La BCE redoute de voir l'euro monter trop haut

18 Août, 2017, 06:43 | Auteur: Nathanaël Gerin
  • La BCE veut éviter à tout prix un éventuel emballement de l’euro

À Paris, l'indice CAC 40 a reculé de 0,57% (-29,76 points) à 5.146,85 points.

L'indice EuroStoxx 50 a cédé 0,65%, le FTSEurofirst 300 0,59% et le Stoxx 600 0,59% également.

De son côté, le dollar s'appréciait jeudi mais restait soumis à la prudence des cambistes au lendemain de la publication du compte-rendu de la réunion de fin juillet du Comité de politique monétaire (FOMC) de la Réserve fédérale américaine (Fed). Conscient de ce risque, elle a décidé de ne pas modifier son engagement à poursuivre sa politique de soutien à l'économie.

Vers 16H00 GMT, la monnaie britannique montait face à l'euro, à 91,07 pence pour un euro, après avoir atteint la veille 91,43 pence, son niveau le plus faible depuis le 7 octobre 2016, date à laquelle elle était tombée à un plus bas en plus de sept ans et demi.

Le dollar aussi baissait face à la monnaie japonaise, à 109,87 yens pour un dollar contre 110,20 yens mercredi soir.

Comme aucune discussion sur un changement de cap de la politique monétaire n'a eu lieu en juillet, le débat à ouvrir, en se concentrant sur un possible retrait des achats d'actifs sur le marché, après leur terme fixé à fin 2017, se tiendra "à l'automne", indique le compte-rendu. Wall Street perdait entre 0,6% et 0,9% à la clôture en Europe.

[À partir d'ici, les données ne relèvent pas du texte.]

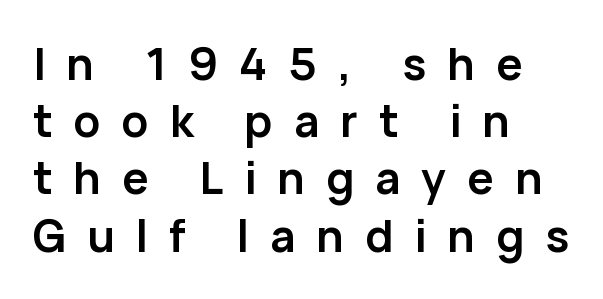
The image shows 44 px semibold sans-serif type, upright; set left-aligned, normal line spacing (1.3x), unusually wide letter spacing (+0.48 em), not underlined; low stroke contrast and a medium x-height.
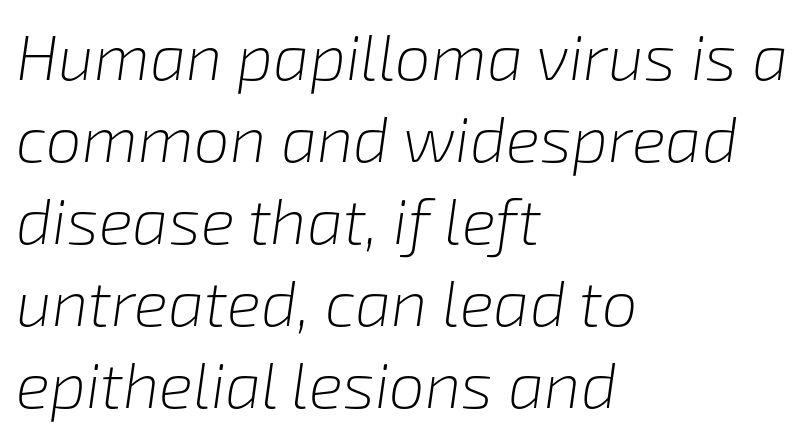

La monnaie américaine a été également ébranlée par de nouvelles difficultés politiques pour Donald Trump qui a soulevé un nouveau tollé en s'exprimant sur les violences à Charlottesville et en renvoyant dos à dos extrémistes de droite et contre-manifestants. La monnaie suisse montait face à l'euro, à 1,1288 franc pour un euro, comme face au dollar, à 0,9628 franc pour un dollar.

"Ce serait préoccupant si Gary Cohn décidait de se mettre à l'abri comme l'ont fait de nombreux PDG car il serait très difficile de faire avancer les réformes en faveur de la croissance [promises par Trump lors de la campagne]", déclare Art Hogan, chargé de la stratégie chez Wunderlich Securities.

A Paris, Société générale a signé la plus forte baisse du CAC 40, (-2,32%). Crédit agricole recule de 0,94% et BNP Paribas de 0,92%.

A l'inverse, Veolia a gagné 1%.

Les cours du pétroles repartent à la hausse sur des anticipations d'une importante diminution des réserves de brut du terminal de Cushing (Oklahoma).